Several issues were mentioned by complainants that related to organisational issues and management. In the majority of these, callers reported that, despite the hot conditions, workers were “required to work long hours in the heat” and requests for extra breaks were denied. In one case, there was a bonus incentive to keep working and in another there were threats of job losses for workers requesting breaks.
…the foreman’s attitude was that, if he stops work, don’t bother coming back the next day.
(#10)
Some callers told of supervisors whose attitudes were seemingly unreasonable, as in the case of a worker in a rural area who had lost consciousness twice in the heat. The supervisor refused to let the worker be taken to an air-conditioned room and was then reluctant to assist in helping transport them to an awaiting ambulance some distance away. In other cases of poor management practices, a health and safety representative was temporarily suspended for filing a report, some workers were “forced to work installing insulation in house roofs in extreme heat”, and on one occasion management was “pushing people to work past their capacity”. Furthermore, some callers reported that on some worksites there was no “drinking water for employees” or that the water was “too hot to drink on hot days”. In some instances, workers reportedly had to supply or buy their own water.
The safety culture of workplaces came into question in several calls to the Help Centre. Personal protective equipment (PPE), safety training, first aid, and hot weather policies were among the issues raised. Two callers complained about having to wear full PPE, but more said that PPE “to protect against the heat” was not provided by the employer. One frustrated worker in the transport industry clearly stated his/her views on employers’ responsibility for their workers’ health and safety:
…time for drivers being responsible for their safety and their own PPE are done … it should be the companies [sic] responsibility to ensure my safety whilst on site without being put in heat/cold conditions that cause sickness … it’s unfair and wrong.
(#15)
There were also a small number of calls relating to a lack of first aid facilities or provider, and no or minimal, safety training. Several complainants raised the issue of no hot weather policies in place or that policies were not adhered to. It is particularly concerning that an insulation installation company reportedly had no hot weather policy. Views of policies were unclear, however, as one caller claimed that, although there was no heat policy, the workers could “start earlier and knock off earlier”. Acknowledgements of other heat stress mitigation measures included workers being provided with “ice packs and wet towels to keep cool”, powdered electrolytes, and “plenty of cold water”.

4. Discussion

This study summarises the calls to a safety regulator from members of the public with concerns about occupational heat exposure. It highlights some alarming and potentially harmful thermal environments in which employees work, and questionable safety cultures in some workplaces. Notably, there was an increasing trend in the number of these calls over the study period. However, it cannot be determined how much of this increase can be attributed to increasing knowledge of the existence of the Help Centre facility over this period.

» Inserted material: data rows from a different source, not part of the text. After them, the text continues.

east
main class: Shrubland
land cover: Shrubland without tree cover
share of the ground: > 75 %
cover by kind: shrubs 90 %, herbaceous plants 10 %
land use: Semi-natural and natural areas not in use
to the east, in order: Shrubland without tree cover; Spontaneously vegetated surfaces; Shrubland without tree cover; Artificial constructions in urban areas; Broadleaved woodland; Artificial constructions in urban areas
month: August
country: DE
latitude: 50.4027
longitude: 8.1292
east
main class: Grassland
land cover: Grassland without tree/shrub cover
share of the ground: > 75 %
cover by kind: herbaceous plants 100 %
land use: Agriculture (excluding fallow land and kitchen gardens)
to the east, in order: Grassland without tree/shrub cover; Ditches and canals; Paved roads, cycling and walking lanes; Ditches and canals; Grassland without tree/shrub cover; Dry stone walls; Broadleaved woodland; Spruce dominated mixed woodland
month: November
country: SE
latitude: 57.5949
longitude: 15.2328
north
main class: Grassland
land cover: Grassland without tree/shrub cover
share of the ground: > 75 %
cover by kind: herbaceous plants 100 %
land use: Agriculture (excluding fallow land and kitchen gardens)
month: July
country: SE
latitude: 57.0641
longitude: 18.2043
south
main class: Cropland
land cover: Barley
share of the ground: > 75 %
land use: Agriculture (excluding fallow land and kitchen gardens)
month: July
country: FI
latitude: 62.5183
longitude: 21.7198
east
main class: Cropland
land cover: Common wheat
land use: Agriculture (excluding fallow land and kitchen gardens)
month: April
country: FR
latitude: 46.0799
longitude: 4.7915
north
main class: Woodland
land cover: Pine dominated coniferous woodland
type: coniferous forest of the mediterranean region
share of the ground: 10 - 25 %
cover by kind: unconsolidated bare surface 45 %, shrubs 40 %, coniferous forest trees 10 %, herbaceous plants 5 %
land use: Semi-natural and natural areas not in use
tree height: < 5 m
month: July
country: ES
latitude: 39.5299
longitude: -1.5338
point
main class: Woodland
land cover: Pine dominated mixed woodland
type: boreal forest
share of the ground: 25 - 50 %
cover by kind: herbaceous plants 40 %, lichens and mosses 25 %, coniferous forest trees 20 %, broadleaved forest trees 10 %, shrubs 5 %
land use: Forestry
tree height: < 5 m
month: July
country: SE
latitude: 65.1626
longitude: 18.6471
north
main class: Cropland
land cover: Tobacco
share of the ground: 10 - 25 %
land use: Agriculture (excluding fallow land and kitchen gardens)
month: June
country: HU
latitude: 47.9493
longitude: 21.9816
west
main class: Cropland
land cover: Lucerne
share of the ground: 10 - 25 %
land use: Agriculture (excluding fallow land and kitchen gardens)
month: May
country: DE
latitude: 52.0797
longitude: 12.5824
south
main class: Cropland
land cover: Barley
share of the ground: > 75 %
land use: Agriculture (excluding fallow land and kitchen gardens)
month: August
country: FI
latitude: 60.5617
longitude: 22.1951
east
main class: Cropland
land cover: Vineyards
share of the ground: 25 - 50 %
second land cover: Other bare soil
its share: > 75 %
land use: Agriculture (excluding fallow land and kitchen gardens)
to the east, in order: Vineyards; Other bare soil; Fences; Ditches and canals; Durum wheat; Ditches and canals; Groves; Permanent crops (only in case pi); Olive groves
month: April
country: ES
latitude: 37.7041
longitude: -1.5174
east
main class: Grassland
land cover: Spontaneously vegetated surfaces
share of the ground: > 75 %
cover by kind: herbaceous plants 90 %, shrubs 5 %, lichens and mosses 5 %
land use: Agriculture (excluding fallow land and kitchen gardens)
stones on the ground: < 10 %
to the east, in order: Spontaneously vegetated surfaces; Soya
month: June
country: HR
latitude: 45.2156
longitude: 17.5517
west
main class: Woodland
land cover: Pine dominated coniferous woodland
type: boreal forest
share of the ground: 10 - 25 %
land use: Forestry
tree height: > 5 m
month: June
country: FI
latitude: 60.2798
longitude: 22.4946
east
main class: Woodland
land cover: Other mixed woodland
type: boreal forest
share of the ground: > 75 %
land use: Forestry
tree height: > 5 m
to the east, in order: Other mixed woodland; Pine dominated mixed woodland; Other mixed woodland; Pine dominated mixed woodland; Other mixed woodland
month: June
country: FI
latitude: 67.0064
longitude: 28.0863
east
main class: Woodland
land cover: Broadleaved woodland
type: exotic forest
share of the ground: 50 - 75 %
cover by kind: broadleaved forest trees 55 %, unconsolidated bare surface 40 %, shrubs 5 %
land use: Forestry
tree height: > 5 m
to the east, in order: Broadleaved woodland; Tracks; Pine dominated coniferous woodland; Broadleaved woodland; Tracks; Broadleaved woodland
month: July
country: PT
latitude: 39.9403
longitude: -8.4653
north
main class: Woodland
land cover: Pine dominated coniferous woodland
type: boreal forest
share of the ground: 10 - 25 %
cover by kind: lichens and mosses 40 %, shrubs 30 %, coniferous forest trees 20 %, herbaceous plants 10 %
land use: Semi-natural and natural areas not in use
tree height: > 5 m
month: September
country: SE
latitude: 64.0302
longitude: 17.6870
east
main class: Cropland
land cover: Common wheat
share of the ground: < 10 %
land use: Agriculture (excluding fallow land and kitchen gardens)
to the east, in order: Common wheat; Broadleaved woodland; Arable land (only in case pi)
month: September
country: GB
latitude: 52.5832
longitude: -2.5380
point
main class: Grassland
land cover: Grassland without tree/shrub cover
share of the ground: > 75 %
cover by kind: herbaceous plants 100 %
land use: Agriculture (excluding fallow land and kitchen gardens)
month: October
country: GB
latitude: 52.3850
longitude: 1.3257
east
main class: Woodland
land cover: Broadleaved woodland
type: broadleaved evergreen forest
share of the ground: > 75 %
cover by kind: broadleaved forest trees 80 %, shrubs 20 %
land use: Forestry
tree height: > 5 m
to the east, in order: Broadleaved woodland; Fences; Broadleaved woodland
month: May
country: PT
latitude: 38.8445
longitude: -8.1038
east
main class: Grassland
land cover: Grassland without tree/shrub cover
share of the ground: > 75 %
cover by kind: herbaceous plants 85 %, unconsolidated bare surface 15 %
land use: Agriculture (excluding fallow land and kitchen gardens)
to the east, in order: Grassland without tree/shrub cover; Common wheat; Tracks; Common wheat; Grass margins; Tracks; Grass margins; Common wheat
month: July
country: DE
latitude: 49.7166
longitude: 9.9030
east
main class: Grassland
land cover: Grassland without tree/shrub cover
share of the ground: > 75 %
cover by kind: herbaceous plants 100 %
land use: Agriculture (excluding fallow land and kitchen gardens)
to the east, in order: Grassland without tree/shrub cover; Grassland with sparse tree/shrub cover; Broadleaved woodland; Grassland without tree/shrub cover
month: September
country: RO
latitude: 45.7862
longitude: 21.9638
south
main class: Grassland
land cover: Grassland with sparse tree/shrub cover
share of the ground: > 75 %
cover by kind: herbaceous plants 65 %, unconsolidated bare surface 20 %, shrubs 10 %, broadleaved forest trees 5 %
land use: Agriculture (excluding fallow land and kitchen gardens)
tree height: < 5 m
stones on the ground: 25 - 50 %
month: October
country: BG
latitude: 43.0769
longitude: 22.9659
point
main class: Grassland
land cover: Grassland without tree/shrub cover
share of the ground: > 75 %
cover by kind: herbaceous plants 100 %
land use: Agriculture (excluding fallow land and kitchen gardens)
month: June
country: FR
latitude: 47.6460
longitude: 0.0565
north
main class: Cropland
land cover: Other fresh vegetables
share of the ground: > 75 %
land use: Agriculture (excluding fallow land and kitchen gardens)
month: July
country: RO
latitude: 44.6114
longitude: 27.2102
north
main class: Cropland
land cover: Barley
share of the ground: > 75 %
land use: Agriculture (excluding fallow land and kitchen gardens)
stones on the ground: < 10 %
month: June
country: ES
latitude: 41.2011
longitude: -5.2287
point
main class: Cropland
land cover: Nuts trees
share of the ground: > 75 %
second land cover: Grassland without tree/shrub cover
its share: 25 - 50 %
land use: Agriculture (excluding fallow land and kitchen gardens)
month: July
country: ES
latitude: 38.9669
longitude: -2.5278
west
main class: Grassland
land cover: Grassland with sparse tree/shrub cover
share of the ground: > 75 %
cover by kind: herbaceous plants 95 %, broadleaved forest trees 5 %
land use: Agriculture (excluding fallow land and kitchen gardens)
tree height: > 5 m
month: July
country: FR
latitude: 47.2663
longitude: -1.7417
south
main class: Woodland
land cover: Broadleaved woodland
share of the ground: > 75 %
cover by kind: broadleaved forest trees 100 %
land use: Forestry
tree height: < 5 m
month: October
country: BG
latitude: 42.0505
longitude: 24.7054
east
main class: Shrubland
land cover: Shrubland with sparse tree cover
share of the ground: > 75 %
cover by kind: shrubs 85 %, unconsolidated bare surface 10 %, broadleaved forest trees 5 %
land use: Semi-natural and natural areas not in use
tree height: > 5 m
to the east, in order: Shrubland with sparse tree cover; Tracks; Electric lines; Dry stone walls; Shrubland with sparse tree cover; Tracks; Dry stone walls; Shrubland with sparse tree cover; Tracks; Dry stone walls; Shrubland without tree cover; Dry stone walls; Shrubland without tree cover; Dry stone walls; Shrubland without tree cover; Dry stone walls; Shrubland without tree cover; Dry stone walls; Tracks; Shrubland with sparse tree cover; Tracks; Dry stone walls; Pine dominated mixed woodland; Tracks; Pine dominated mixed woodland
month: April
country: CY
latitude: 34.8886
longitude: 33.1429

The majority of calls related to indoor work environments. This is in contrast to a considerable body of literature identifying outdoor workers amongst those vulnerable during extreme heat [18,23,24]. Whereas some complaints in this study related purely to conditions causing thermal discomfort, this is not covered under the South Australian Work Health and Safety Act 2012, which specifies “extremes of heat or cold” [16]. These terms could of course be subjective. Nevertheless, clearly some indoor workers in this study were working in extremes of heat if temperatures were as high as reported. Hot indoor environments can occur where there are heat-generating sources and/or it is neither practical nor economically viable for management to install and operate cooling devices during periods of extreme heat. Air-conditioned businesses will likely be faced with soaring electricity bills, as SA reportedly has the highest power prices in the world [25]. By economising on energy expenditure and minimising air conditioner usage, employers could potentially jeopardise workers’ health, safety, and welfare during extreme heat. It is therefore important that policies consider the thermal safety of all workers, not just those exposed to solar radiation. In some instances, industrial fans may be an option although in this study there were reports of some workplaces with no ventilation at all. This can impede workers’ ability to lose body heat gained from the environment, as low air velocity impairs the evaporation of sweat, the major heat loss mechanism when ambient air temperature exceeds skin temperature [26].
Under the South Australian Work Health and Safety Act 2012, employers need to ensure “so far as is reasonably practicable” that the thermal environment is such that workers “are able to carry out work without risk to health and safety” [16]. The issues raised by callers highlight that, despite educational material being available and regulations existing for persons conducting a business or undertaking, these can be ignored or not understood, posing conditions that can jeopardise the health and safety of workers in harsh thermal environments. In this study, some workers reportedly became ill, and in one case there was a death.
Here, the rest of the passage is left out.